(Dataset excerpts)
==*==

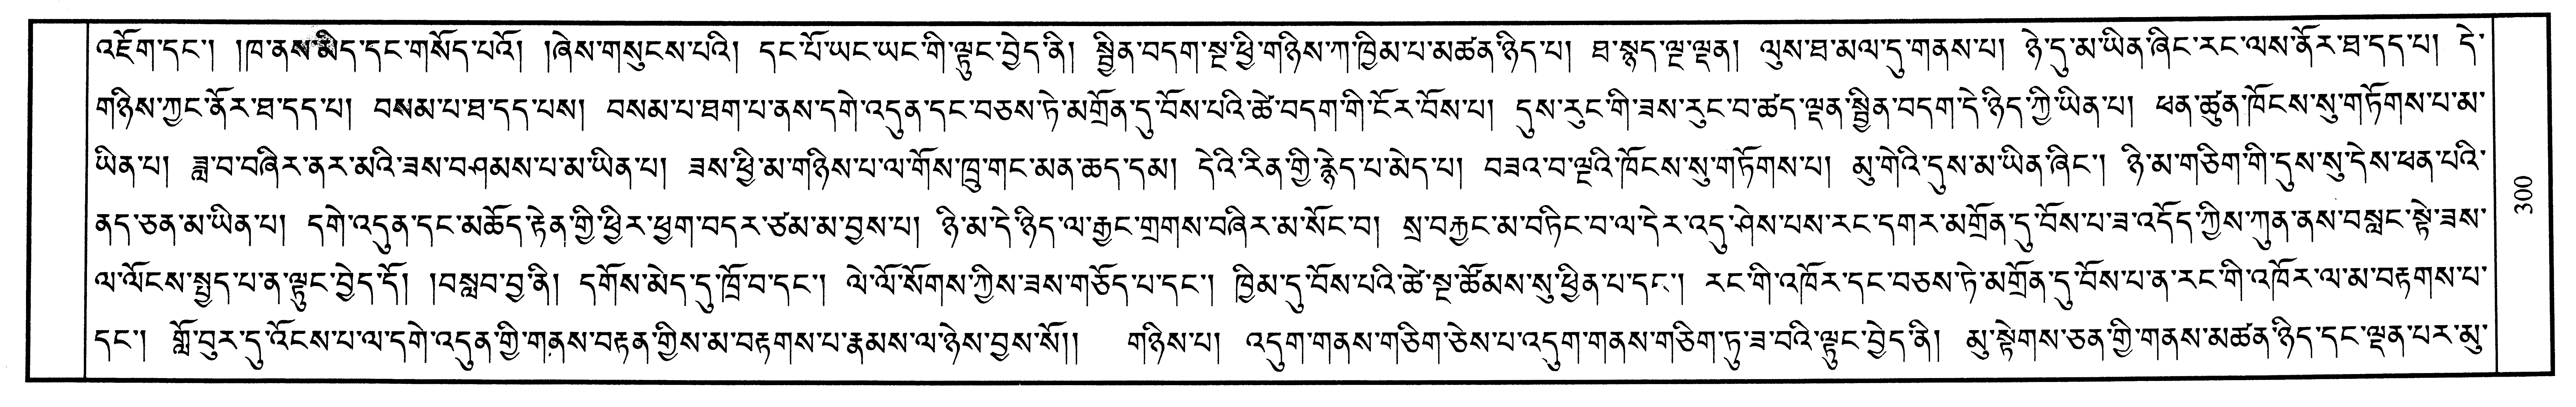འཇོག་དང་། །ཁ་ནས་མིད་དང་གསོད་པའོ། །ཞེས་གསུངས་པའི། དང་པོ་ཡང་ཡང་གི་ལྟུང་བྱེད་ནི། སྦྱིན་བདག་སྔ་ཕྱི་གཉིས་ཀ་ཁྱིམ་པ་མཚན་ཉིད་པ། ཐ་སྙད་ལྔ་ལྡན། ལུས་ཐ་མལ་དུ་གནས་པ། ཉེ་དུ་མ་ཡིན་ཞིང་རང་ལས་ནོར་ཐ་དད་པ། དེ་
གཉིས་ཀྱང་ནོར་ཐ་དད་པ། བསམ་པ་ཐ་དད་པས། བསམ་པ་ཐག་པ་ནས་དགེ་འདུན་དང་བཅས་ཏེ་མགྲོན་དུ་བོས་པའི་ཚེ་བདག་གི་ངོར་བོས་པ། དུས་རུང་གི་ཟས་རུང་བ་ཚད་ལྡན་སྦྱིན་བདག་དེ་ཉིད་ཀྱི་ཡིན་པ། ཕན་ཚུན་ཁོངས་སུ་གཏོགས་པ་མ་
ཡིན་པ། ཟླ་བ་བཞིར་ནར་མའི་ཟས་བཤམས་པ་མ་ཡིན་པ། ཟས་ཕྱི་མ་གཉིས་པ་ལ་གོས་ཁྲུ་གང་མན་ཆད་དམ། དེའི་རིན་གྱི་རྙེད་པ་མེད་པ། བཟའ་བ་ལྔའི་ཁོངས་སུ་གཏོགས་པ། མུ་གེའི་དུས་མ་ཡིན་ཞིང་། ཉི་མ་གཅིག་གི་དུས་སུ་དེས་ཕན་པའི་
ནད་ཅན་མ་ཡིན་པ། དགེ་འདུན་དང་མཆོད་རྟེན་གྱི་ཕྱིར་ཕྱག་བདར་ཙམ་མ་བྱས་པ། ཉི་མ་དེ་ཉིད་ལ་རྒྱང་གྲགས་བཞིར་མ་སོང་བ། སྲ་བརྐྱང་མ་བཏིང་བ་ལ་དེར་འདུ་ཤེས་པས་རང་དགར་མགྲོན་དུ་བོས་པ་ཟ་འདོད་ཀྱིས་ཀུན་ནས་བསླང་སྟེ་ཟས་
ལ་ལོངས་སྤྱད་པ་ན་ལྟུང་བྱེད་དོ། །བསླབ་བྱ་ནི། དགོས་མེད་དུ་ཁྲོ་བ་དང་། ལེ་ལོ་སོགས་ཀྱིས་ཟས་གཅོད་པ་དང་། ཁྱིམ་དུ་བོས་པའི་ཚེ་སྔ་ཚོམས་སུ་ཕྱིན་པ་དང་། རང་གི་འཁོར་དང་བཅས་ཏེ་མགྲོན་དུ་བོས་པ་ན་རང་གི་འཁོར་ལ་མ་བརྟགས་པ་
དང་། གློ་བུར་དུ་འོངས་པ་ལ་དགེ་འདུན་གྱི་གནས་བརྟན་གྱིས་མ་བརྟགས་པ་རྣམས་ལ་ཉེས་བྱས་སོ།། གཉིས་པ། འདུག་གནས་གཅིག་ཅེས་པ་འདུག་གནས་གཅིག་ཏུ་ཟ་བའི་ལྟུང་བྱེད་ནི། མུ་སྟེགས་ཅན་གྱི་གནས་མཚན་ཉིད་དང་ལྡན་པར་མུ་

==*==

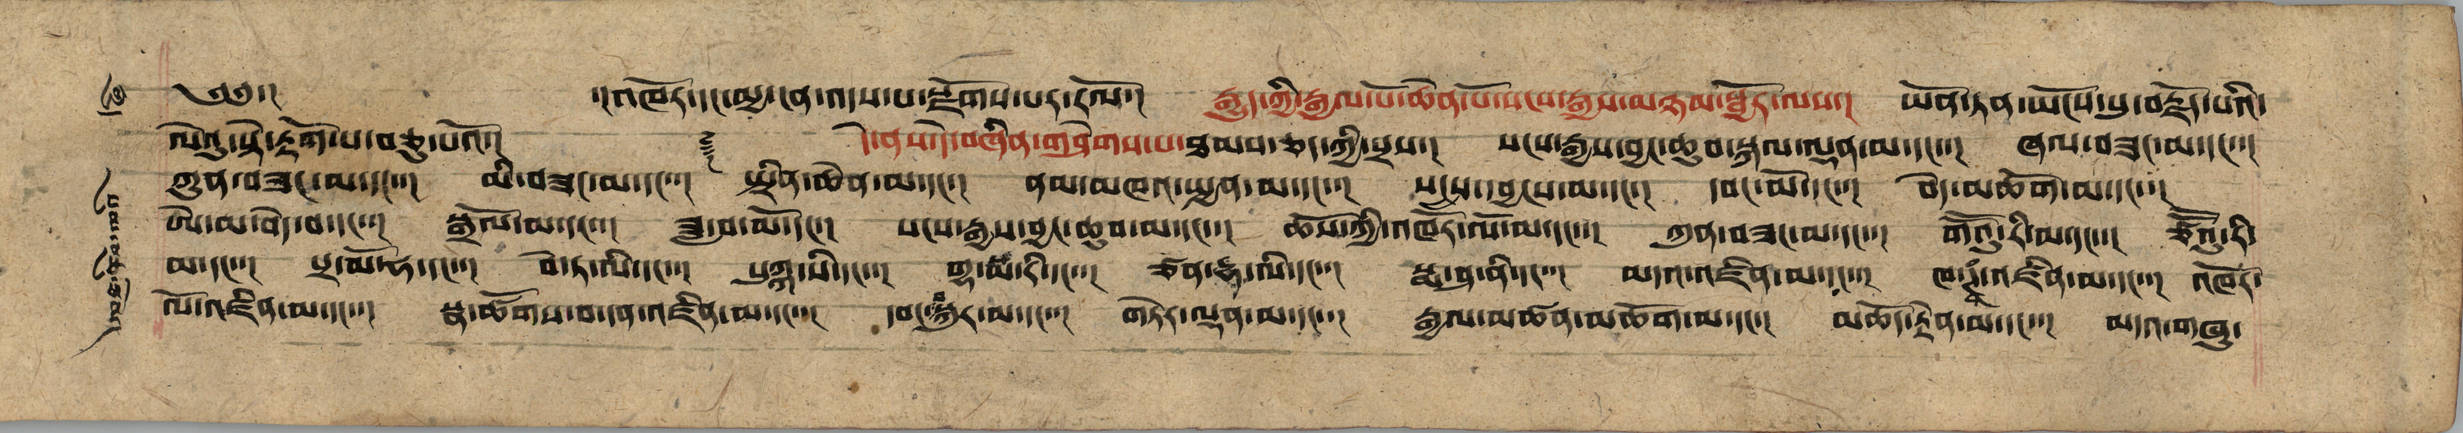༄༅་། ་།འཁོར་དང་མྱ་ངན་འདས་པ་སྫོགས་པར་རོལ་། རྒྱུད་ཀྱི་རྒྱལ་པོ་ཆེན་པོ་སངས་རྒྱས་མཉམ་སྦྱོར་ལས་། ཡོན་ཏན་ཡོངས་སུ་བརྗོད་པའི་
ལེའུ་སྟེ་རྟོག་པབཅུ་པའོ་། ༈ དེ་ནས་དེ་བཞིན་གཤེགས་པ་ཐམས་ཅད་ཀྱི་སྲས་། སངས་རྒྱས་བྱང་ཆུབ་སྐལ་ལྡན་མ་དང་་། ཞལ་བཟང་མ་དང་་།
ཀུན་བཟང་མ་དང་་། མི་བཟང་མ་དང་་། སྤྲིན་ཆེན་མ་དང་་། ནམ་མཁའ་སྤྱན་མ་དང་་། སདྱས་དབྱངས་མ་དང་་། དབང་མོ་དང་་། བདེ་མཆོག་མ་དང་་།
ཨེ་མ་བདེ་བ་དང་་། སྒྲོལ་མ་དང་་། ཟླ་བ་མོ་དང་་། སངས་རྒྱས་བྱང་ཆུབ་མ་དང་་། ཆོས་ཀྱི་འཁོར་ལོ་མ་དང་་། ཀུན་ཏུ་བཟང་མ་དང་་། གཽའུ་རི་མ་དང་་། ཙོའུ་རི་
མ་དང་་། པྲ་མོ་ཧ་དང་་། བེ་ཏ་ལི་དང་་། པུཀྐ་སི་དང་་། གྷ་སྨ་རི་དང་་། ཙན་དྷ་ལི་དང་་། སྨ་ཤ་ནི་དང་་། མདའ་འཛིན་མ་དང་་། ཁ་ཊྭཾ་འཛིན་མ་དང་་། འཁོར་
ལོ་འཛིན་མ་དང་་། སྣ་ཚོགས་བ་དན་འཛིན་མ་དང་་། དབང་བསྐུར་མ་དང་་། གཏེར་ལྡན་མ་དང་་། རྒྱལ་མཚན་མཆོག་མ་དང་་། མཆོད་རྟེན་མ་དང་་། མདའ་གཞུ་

==*==

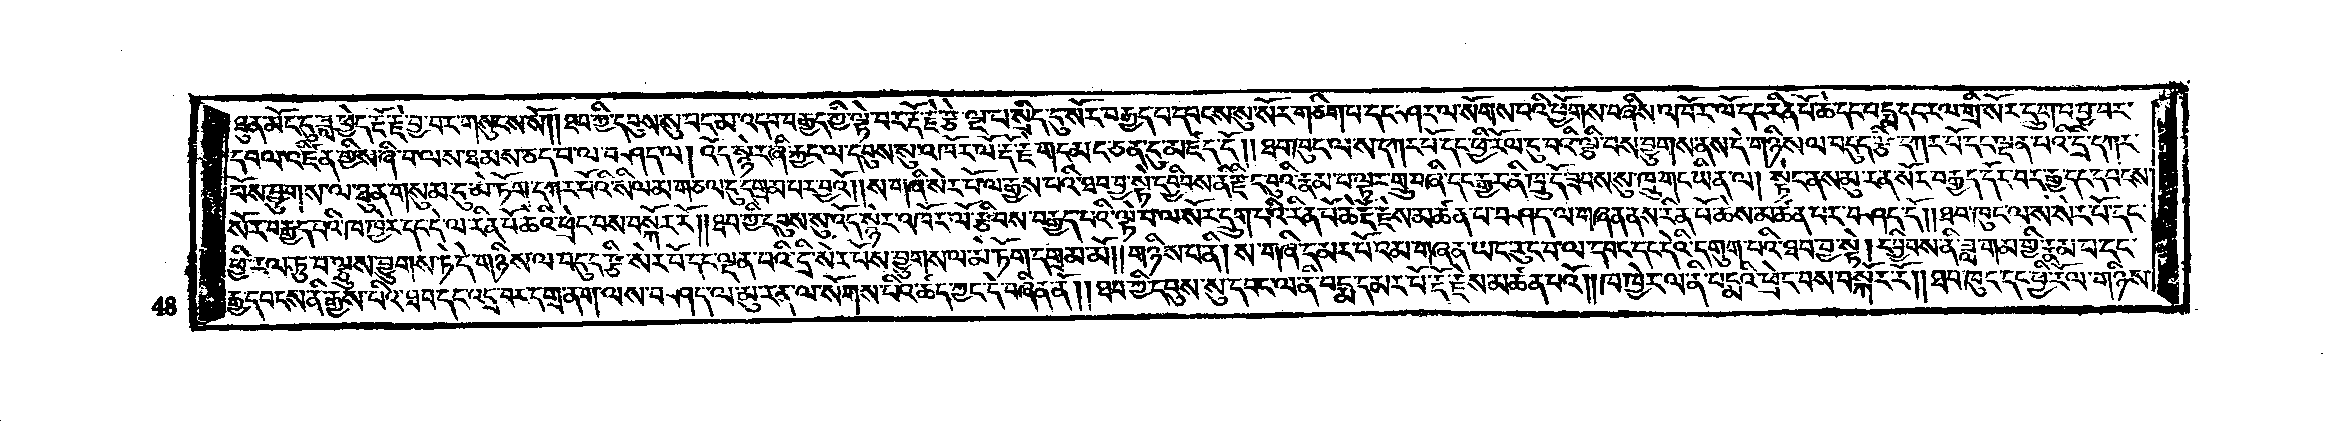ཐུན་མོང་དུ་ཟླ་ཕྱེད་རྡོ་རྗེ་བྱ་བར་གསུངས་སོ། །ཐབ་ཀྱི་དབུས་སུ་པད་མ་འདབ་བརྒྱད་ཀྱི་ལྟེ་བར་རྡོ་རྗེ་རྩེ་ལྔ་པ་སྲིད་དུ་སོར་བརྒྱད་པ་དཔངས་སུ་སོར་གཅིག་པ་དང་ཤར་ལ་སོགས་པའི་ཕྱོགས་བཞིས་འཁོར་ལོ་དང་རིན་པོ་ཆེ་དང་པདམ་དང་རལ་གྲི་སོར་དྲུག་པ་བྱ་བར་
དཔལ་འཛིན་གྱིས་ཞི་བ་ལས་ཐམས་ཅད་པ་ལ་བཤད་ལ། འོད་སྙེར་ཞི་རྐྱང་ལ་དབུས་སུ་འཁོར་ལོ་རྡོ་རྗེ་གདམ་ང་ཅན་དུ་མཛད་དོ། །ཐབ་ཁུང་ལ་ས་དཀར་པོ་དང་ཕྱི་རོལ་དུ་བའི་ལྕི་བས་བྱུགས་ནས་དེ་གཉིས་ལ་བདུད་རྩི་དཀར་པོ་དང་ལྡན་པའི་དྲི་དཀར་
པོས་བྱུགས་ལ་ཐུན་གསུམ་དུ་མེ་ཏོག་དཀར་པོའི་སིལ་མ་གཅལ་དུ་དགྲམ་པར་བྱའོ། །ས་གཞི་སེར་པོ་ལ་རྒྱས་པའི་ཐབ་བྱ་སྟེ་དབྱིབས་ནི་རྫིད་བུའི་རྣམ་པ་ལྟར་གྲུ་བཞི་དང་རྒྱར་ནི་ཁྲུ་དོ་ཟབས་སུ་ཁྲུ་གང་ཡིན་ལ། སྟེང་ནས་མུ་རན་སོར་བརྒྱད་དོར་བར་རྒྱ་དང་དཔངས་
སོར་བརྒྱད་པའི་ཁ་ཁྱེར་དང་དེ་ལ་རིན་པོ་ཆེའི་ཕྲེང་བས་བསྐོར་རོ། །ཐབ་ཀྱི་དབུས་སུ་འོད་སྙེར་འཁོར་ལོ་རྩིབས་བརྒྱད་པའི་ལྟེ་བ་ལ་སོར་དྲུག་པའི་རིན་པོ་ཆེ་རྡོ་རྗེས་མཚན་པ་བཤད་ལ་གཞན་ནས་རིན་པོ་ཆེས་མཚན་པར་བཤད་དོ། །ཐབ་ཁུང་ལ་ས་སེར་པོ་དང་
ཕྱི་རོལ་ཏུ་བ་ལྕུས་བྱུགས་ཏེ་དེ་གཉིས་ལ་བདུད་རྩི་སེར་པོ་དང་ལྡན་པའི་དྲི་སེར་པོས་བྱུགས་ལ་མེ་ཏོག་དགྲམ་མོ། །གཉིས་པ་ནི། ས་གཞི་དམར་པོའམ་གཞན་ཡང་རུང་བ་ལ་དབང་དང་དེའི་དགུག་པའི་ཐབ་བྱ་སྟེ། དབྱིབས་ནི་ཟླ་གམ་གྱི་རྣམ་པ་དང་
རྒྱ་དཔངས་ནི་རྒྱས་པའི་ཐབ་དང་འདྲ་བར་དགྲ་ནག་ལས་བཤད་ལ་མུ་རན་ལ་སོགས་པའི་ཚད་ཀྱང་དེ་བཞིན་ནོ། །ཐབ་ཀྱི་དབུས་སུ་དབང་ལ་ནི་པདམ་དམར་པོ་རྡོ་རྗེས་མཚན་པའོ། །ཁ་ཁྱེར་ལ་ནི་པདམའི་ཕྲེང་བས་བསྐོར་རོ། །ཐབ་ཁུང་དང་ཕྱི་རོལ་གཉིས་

==*==

WHAT THE TASK REQUIRES:
Nothing but the lines above from the one containing "ཨེ་མ་བདེ་བ་དང་་། སྒྲོལ་མ་དང་་། ཟླ་བ་མོ་དང་་།" through the one containing "ལོ་འཛིན་མ་དང་་། སྣ་ཚོགས་བ་དན་འཛིན་མ་དང་་། དབང་བསྐུར་མ་དང་་།" should appear in the answer, each repeated exactly.

RESPONSE:
ཨེ་མ་བདེ་བ་དང་་། སྒྲོལ་མ་དང་་། ཟླ་བ་མོ་དང་་། སངས་རྒྱས་བྱང་ཆུབ་མ་དང་་། ཆོས་ཀྱི་འཁོར་ལོ་མ་དང་་། ཀུན་ཏུ་བཟང་མ་དང་་། གཽའུ་རི་མ་དང་་། ཙོའུ་རི་
མ་དང་་། པྲ་མོ་ཧ་དང་་། བེ་ཏ་ལི་དང་་། པུཀྐ་སི་དང་་། གྷ་སྨ་རི་དང་་། ཙན་དྷ་ལི་དང་་། སྨ་ཤ་ནི་དང་་། མདའ་འཛིན་མ་དང་་། ཁ་ཊྭཾ་འཛིན་མ་དང་་། འཁོར་
ལོ་འཛིན་མ་དང་་། སྣ་ཚོགས་བ་དན་འཛིན་མ་དང་་། དབང་བསྐུར་མ་དང་་། གཏེར་ལྡན་མ་དང་་། རྒྱལ་མཚན་མཆོག་མ་དང་་། མཆོད་རྟེན་མ་དང་་། མདའ་གཞུ་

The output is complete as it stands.